→ MATERIAL PROVIDED
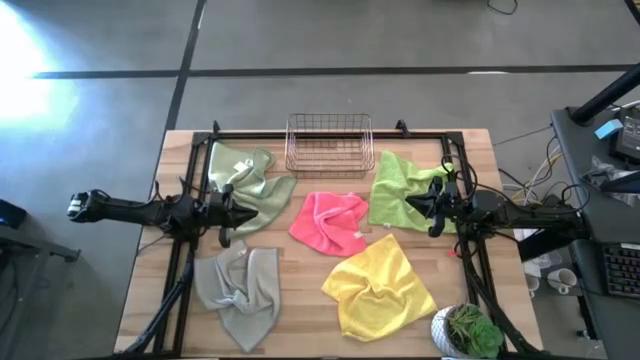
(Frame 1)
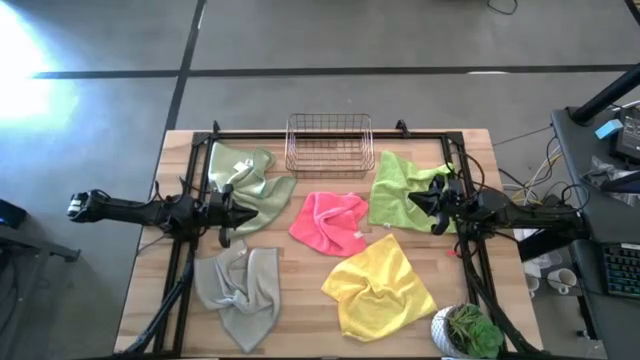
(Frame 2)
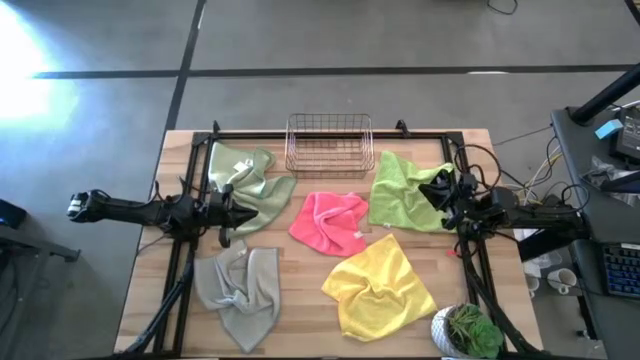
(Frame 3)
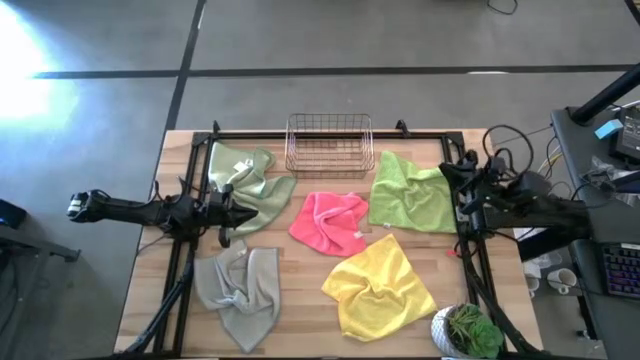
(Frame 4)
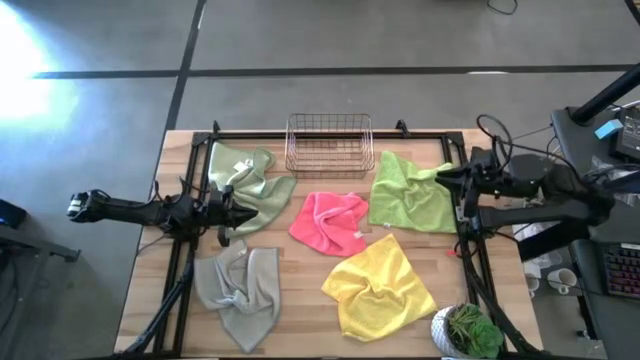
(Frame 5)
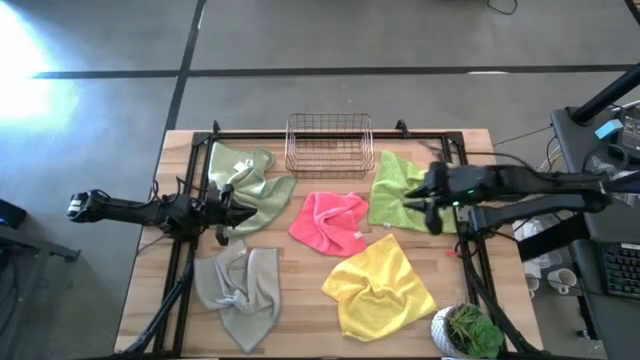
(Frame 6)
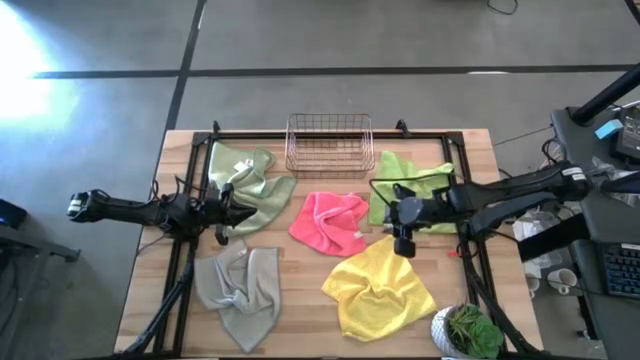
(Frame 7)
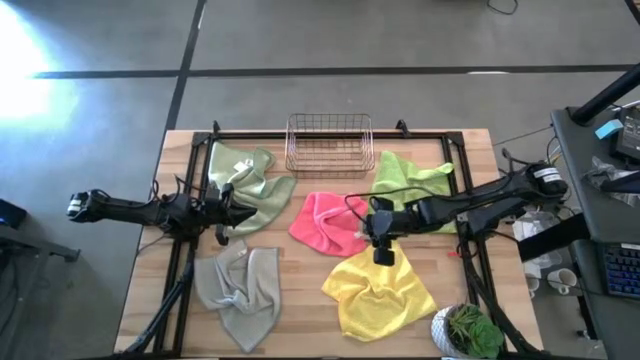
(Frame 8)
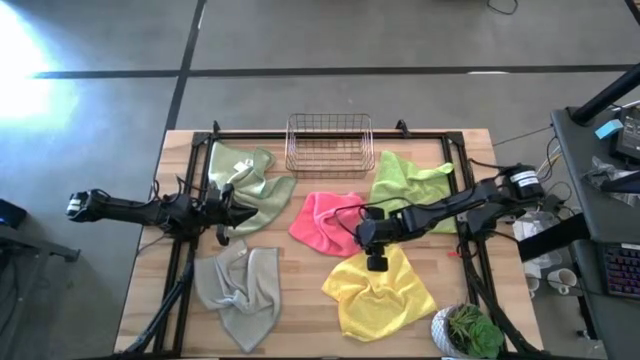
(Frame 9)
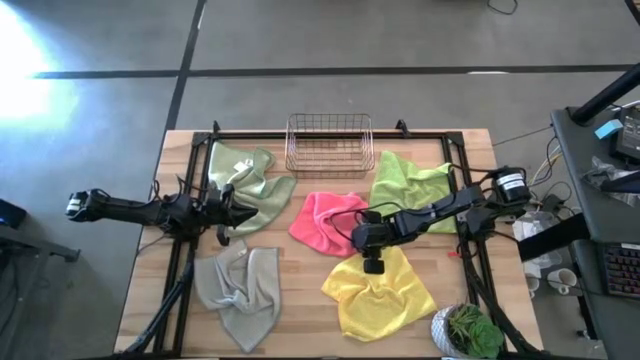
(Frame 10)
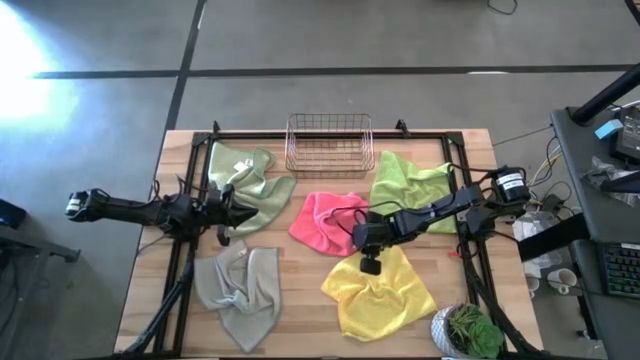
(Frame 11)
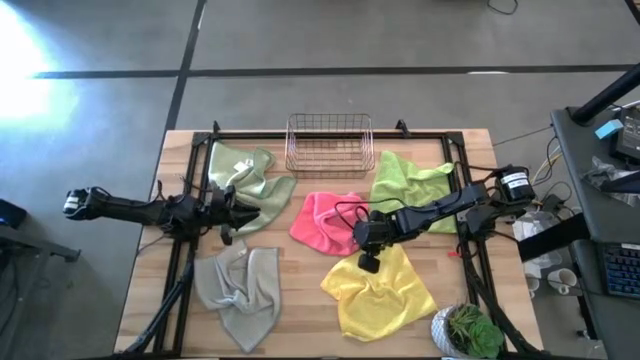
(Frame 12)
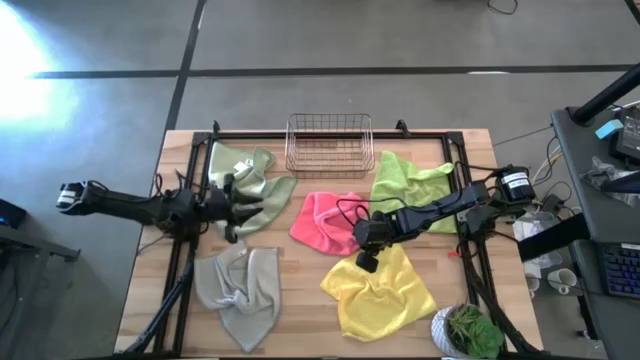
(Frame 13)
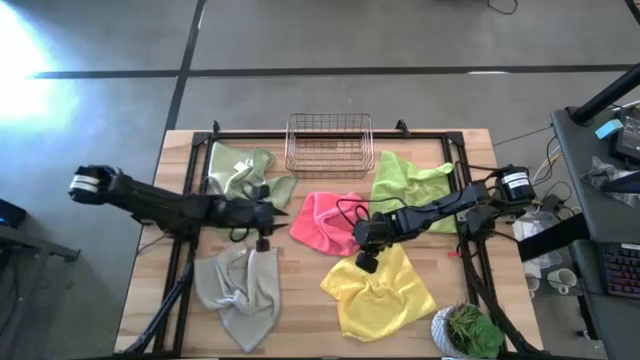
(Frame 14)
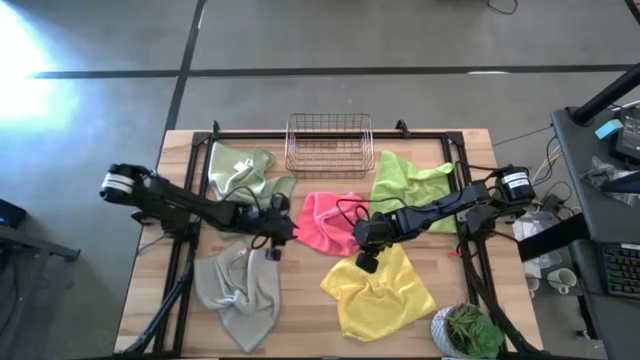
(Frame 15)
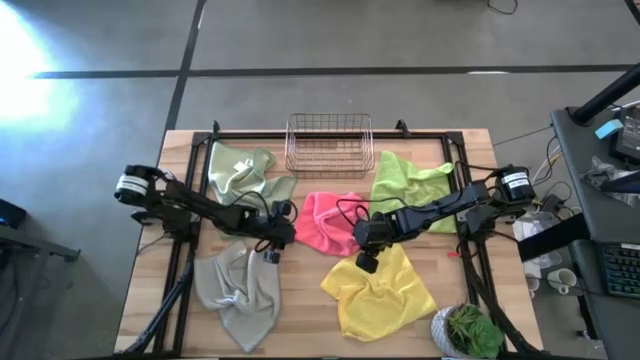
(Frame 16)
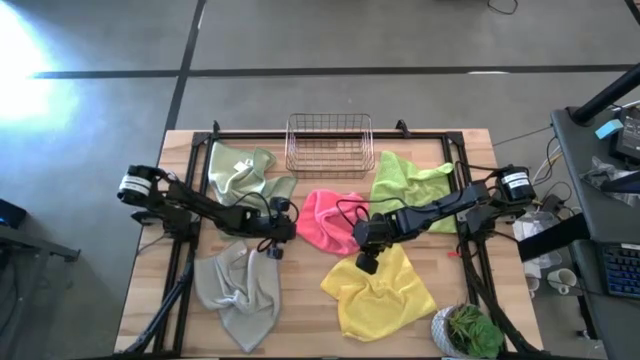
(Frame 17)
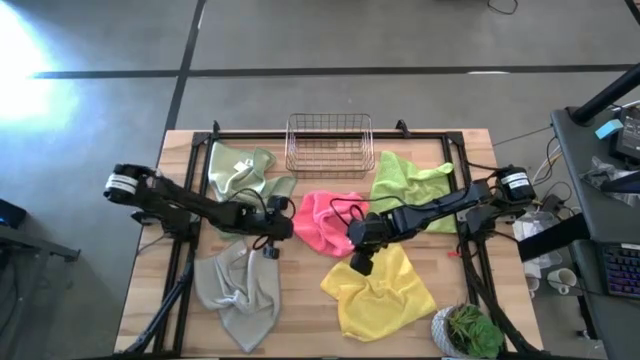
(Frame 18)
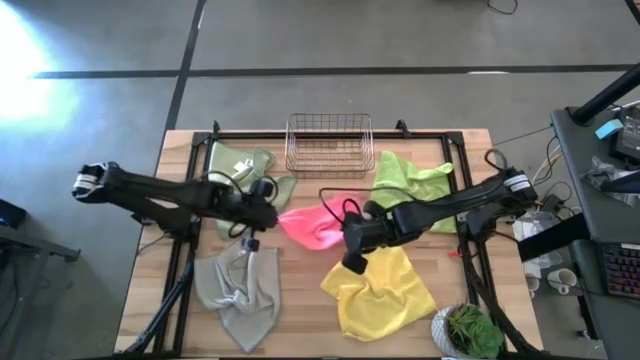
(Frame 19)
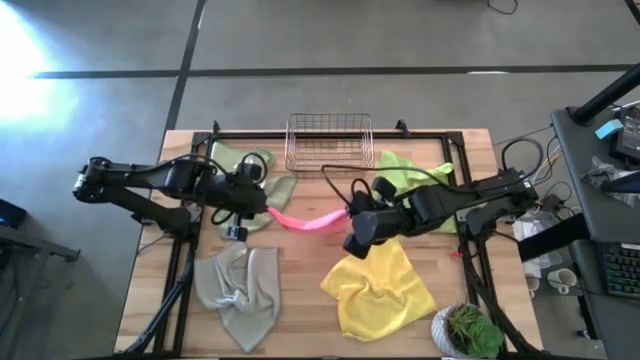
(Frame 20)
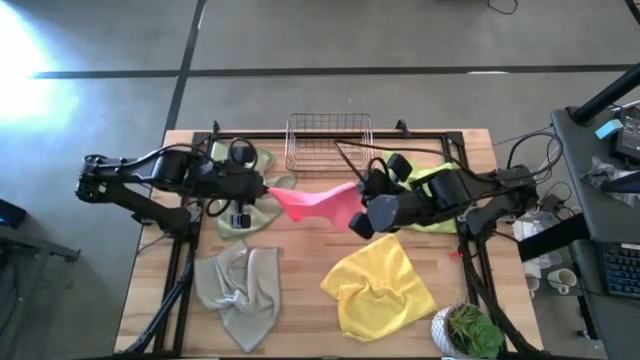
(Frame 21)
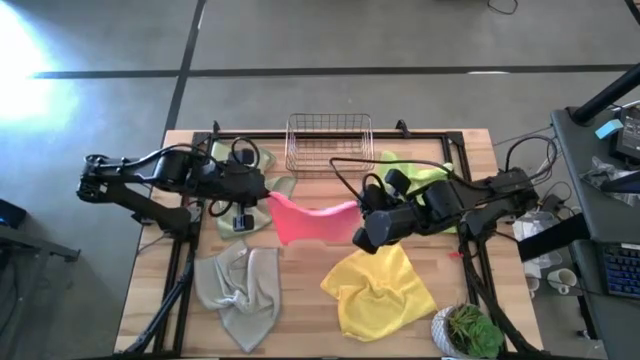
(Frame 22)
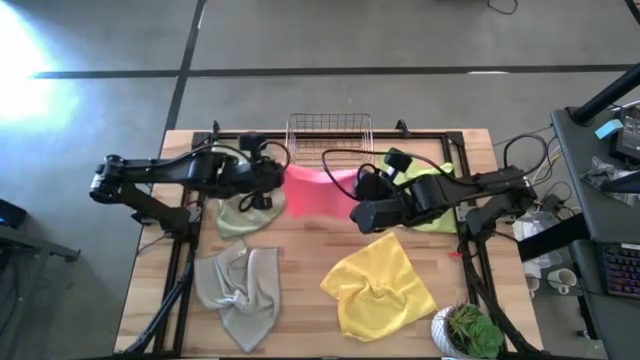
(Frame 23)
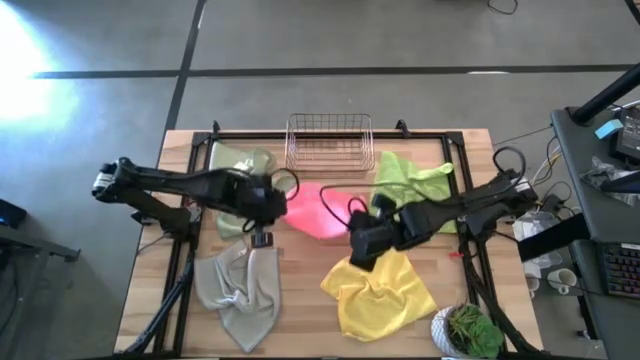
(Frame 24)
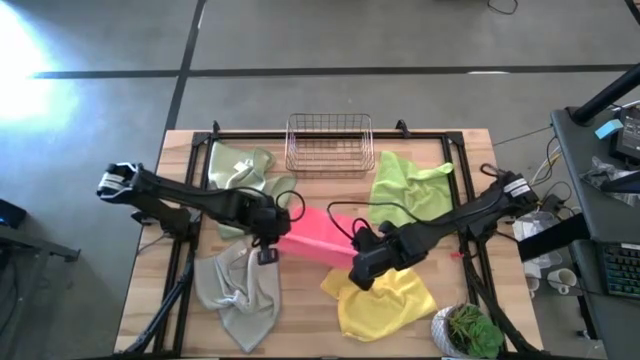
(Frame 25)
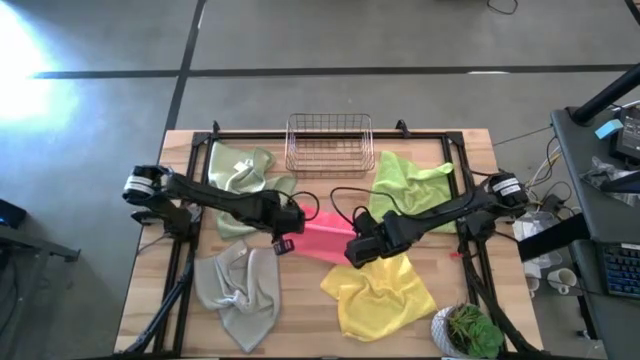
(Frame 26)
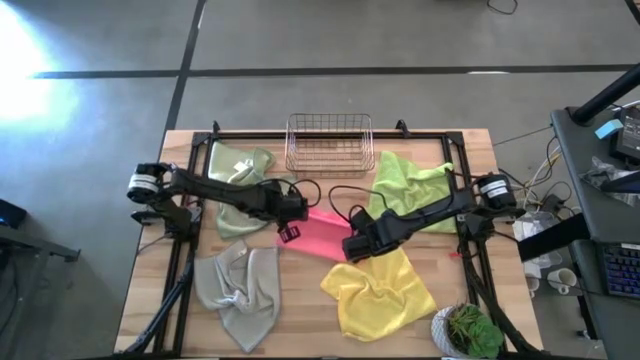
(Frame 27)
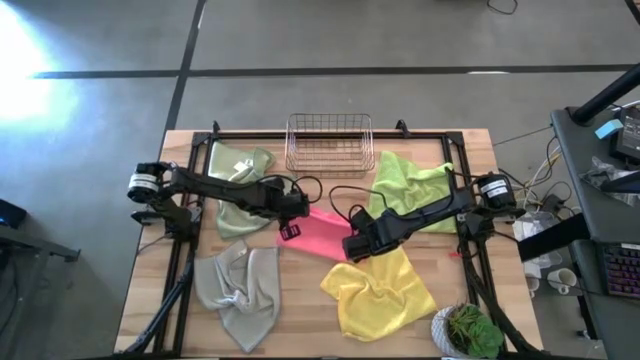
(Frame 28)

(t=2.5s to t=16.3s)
Task: Fold microfiber towels
Fold the pink microfiber cloth

→ REQUIREMENT
Each line of the data is to be duplicated exactly; pictures stay out of the copy.

→ RESULT
(Frame 1)
(Frame 2)
(Frame 3)
(Frame 4)
(Frame 5)
(Frame 6)
(Frame 7)
(Frame 8)
(Frame 9)
(Frame 10)
(Frame 11)
(Frame 12)
(Frame 13)
(Frame 14)
(Frame 15)
(Frame 16)
(Frame 17)
(Frame 18)
(Frame 19)
(Frame 20)
(Frame 21)
(Frame 22)
(Frame 23)
(Frame 24)
(Frame 25)
(Frame 26)
(Frame 27)
(Frame 28)

(t=2.5s to t=16.3s)
Task: Fold microfiber towels
Fold the pink microfiber cloth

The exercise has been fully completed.